I chose this RFC not over its title but because it might be considered as the source of the river we now call the Raku OO model.

Let’s look closer into the RFC text. To be frank, this gonna be second time only as I read it. Gosh, three weeks ago I even had no idea Perl6 started with RFCs! My long-time belief was the synopses were the first to come. And since even they are now pretty much outdated in many places, studying RFCs is like studying the first stone tools of Homo Habilis: there is not much in common with what we use nowadays, but how great is it to see ways human mind adapt and improve its own ideas! So, let’s get back into our archeological excavation and start examining our sample.

The first prominent feature we find states that:

It ain’t broken. Don’t fix it.

Here and below all quotes are from the RFC body.

And you know what? Back then it was my consideration too! All I really wanted was class and method keywords, private declarations… And that’s basically all. Perl with classes, what else?

Heh, young and stupid, aha…

The way I see it now? It’s still not broken. But neither it is good. And once you try it in Raku – there is no way back.

Perl’s current OO model has a number of well-known deficiencies: lack of (easy) encapsulation, poor support for hierarchical method calls (especially constructors and destructors), limited (single) dispatch mechanism, poor compile-time checking. More fundamentally, many people find that setting up reliable OO class hierarchies requires too much low-level coding.

Fairly long list, isn’t it? The good thing: these days there is Moose family of toolkits to get solutions for many of the listed problems. Not all of them though. But the fact of existence of these toolkits tells a lot about Perl’s flexibility which was really something outstanding back then, in the late 90s. Even though Moose didn’t exists yet in 2000, there were already a few OO toolkits implementing different approaches.

The bad thing: all of them are external solutions. Yes, CPAN. Yes, easy to install. Still…

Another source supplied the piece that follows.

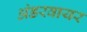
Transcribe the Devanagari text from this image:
अंडरवायर
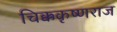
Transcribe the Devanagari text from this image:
चिक्ककृष्णराज

This is one of the aspects where Raku shines absolutely: every single issue from the list above has been taken care of. And event some problems beyond the listed ones. Eventually, this is what made Raku almost totally backward incompatible to Perl. But do I feel pity about it? I’m certainly do not!

Later in RFC text Damian writes:

The non-prescriptive, non-proscriptive nature of Perl’s OO model makes it possible to construct am enormous range of OO systems within the one language

And you know what? You can do it in Raku too! Yes, you can create your own OO model from the scratch by utilizing Raku’s powerful meta-object protocol (MOP) capabilities. Apparently I won’t be discussing this matter in this article. But I can give you a hint:

say EXPORTHOW::<class>.^name; # Perl6::Metamodel::ClassHOW

Congratulations! We just found the class which is responsible for Raku class keyword. It is possible to implement your own keyword like, say, myclass (sorry for a commonplace) and make it possible to have declarations like:

myclass Foo { }

And make sure that the behavior of myclass kind of type objects is different from class. How much different is totally up to one’s imagination and demands.

Don’t like it? Create your own slang and extend Raku grammar with it! Why not to have something like:

myclass Foo;
   private Int attr1;
   public Str attr2;

It’s possible. The only remark to make about it: the power of Raku makes this kind of tricks unnecessary most of the time.

Yet, the ability to declare own class-like keyword which provides some kind of specialized functionality proves to be extremely useful for creating an ORM with an exceptional level of flexibility and ease of use!

A polite cough from the audience reminds me that it’s time to change subject. My apologies, the MOP is my all-time fad!

Of course, the RFC is not about critics but proposals. Let’s see why I think that this one is the source of many things we have in the Raku language today.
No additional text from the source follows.